Jeremy Rockliff

Premier of Tasmania



31 May 2017

Peter Gutwein, Treasurer

Budget reply turns into a horror train wreck for inexperienced Labor as more holes emerge

Labor’s budget reply demonstrates Ms White’s inexperience and inability to stand up to vested and minority interests.

Yesterday, Labor left nearly $300 million of spending promises out of their financial statement, on top of promising to spend twice as much as they’re saving.

Today, new glaring errors have emerged, including the dramatically underfunded northern prison and ambulance promises, a ridiculously low cost for creating an entire new government department, and worst of all, a wages policy blowout.

In their so-called direction statement, the inexperienced opposition claim they will be able to build an entire prison for the bargain basement price of just $40 million.
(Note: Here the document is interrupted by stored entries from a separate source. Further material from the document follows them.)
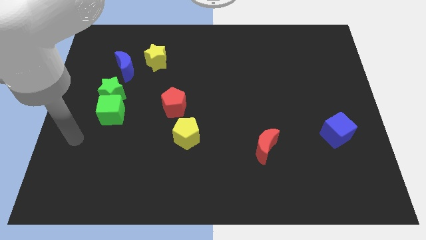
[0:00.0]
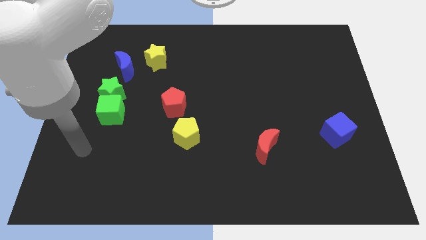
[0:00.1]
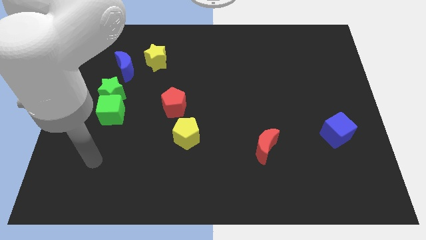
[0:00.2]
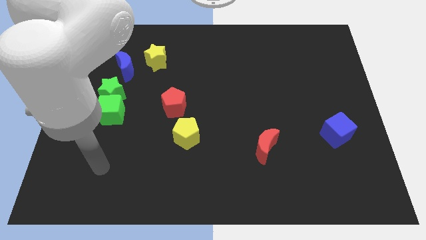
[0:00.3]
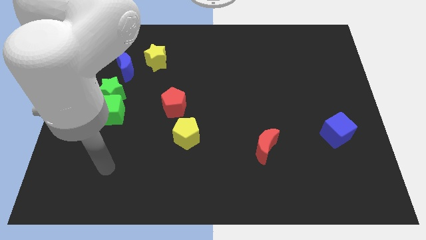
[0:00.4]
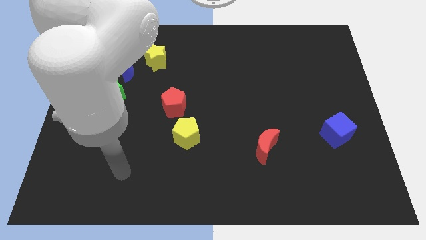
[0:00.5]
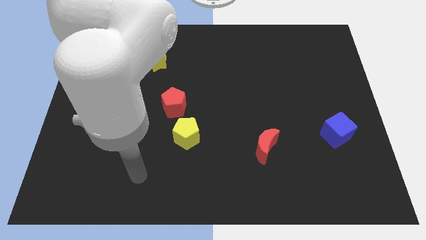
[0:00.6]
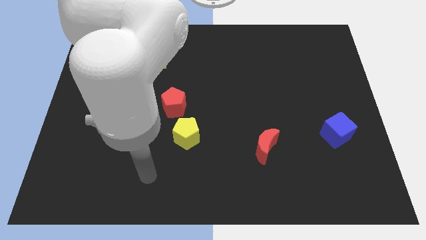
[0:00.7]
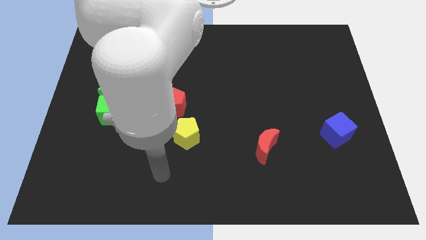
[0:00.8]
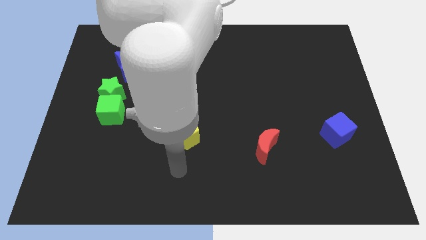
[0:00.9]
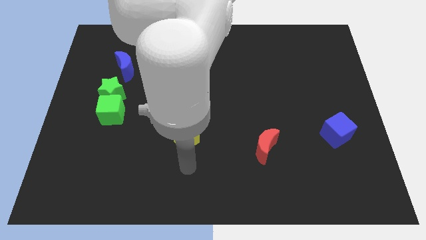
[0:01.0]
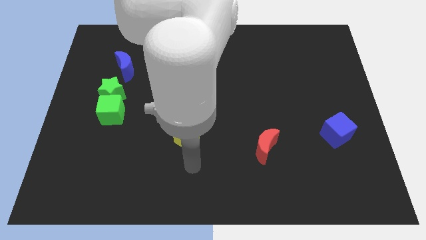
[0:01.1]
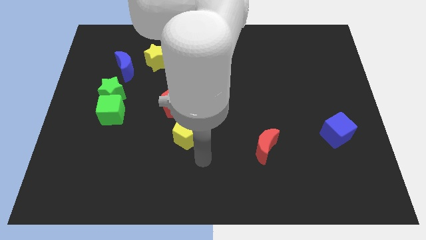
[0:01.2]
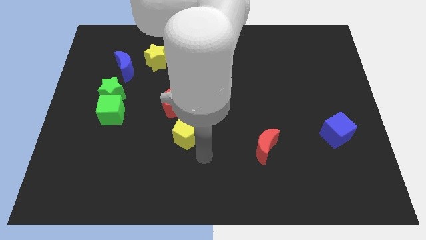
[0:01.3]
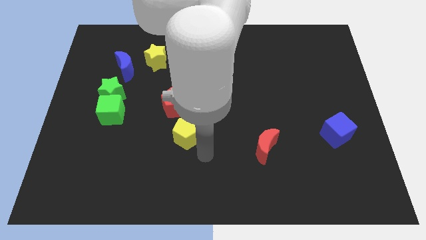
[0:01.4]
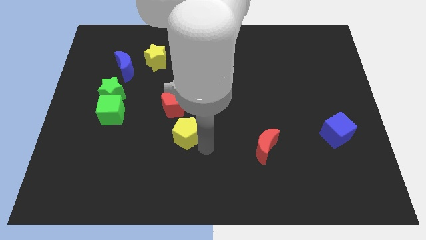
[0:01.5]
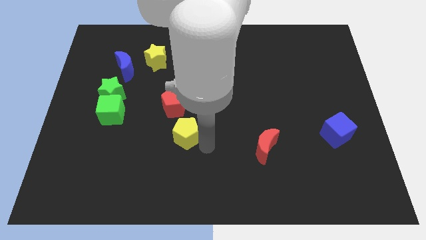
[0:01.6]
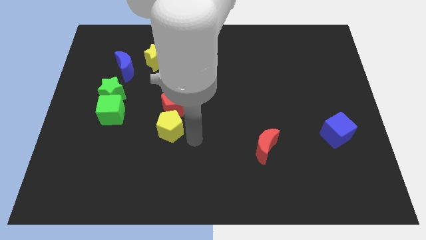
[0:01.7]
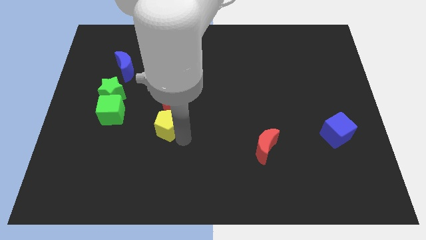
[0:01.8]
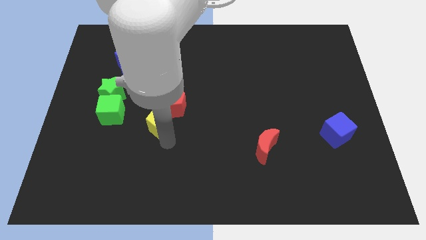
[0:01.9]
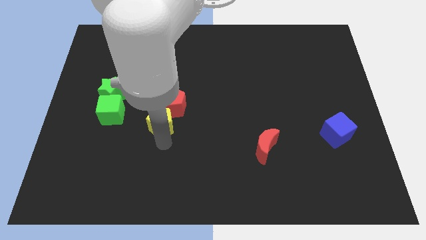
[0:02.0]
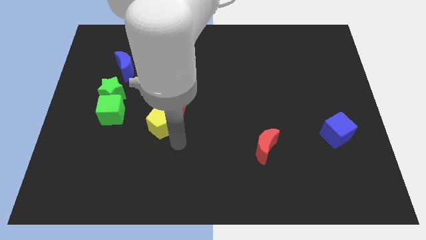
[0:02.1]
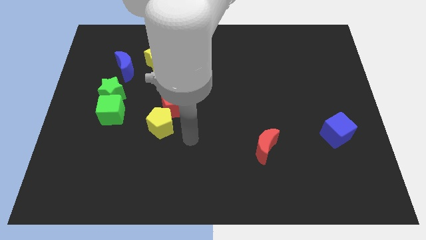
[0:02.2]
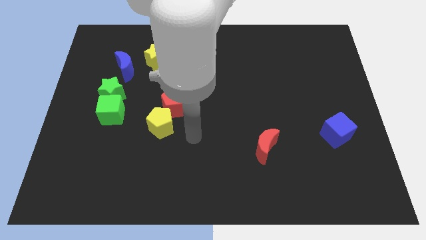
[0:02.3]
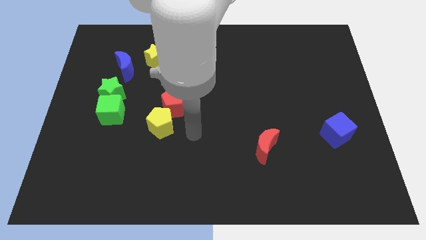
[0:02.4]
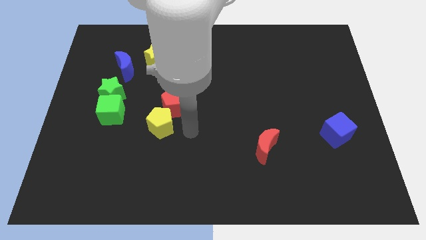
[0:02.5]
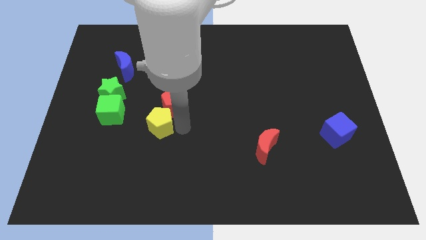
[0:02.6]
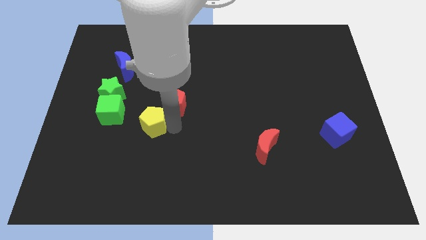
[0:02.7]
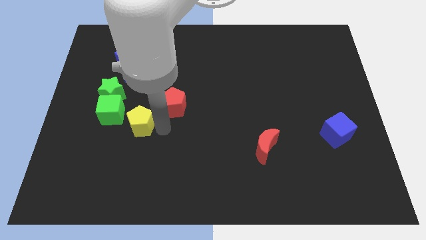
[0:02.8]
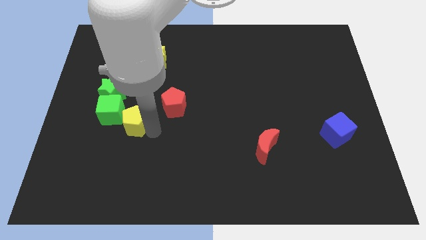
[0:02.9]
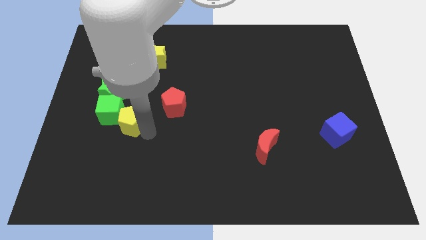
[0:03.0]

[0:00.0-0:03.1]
push the yellow pentagon into the right side of the green cube

Embarrassingly, when in Government, Labor actually requested a detailed costing on a northern prison and was told in 2013 that the cost would be at least $137 million to construct, and $30 million a year to run.
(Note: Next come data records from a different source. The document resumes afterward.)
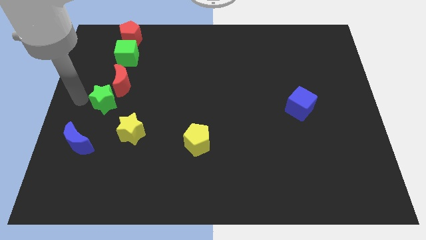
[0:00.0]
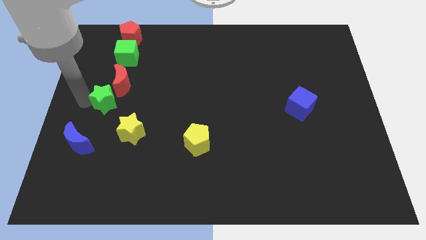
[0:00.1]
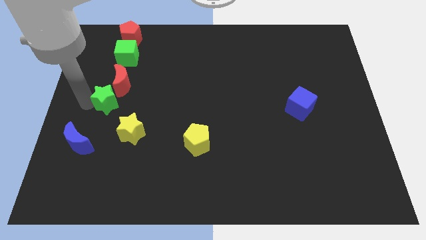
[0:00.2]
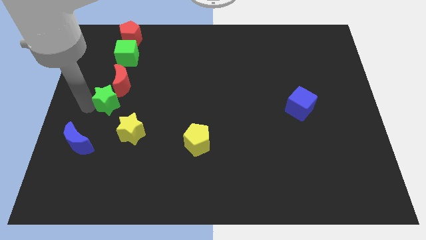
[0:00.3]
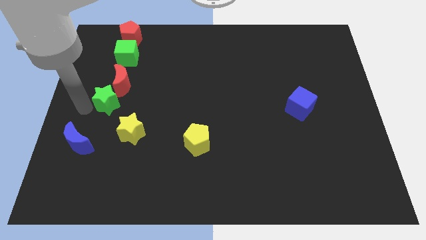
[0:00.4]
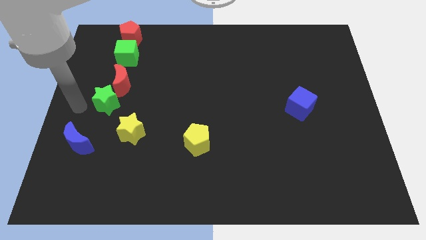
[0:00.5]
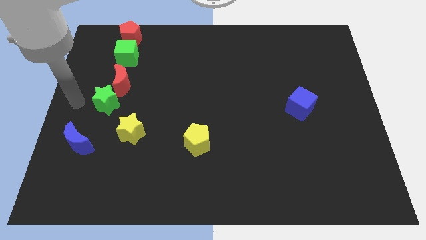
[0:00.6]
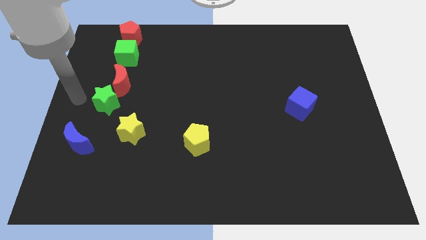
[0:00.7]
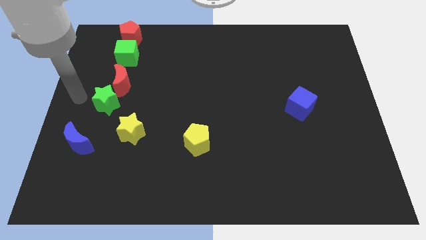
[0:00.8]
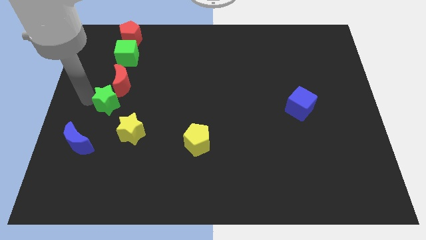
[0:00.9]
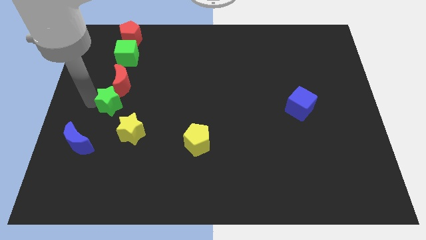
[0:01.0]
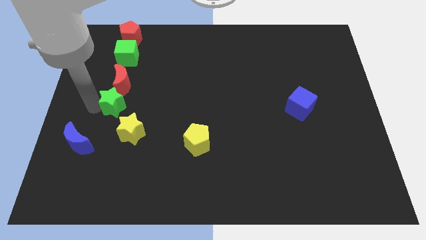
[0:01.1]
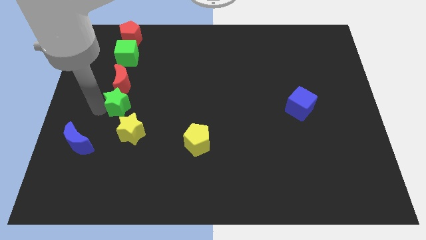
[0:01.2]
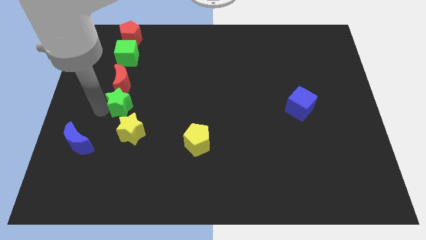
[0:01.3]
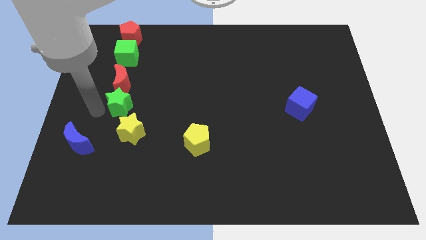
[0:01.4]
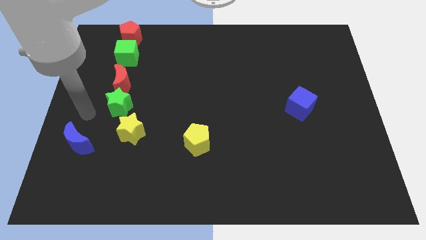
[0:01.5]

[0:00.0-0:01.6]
move the green star below the red crescent

This is a $100 million dollar clanger that shows Labor can’t be trusted with money and are too inexperienced to deliver on their so called economic direction.  This one bungle alone has punched a massive black hole in their budget reply and has wiped out any claim that Labor could even go close to delivering a budget surplus.

But it doesn’t end there.

Ms White, who is still Labor’s health spokesperson, claims that two new 24/7 ambulance crews would cost just $1.1 million per year. The actual cost of two new ambulance crews is $2.8 million per year.  Over the three years in Labor’s budget reply, the shortfall is over $5 million.

Worst of all, Labor has also been captured by the unions on public sector wages policy.  Yesterday they refused to commit to a wages policy of increases of two per cent per annum for public servants saying they would negotiate with unions. Everyone knows that Labor will give the unions whatever they want.  Unions have already raised wage increases of up to 3.75 per cent, which would cost more than $40 million per year.

You can’t credibly claim your wages policy is two percent, and then claim you will negotiate around it. It’s either two per cent, or it’s not.

Labor’s budget reply is a train wreck and demonstrates just how inexperienced they are.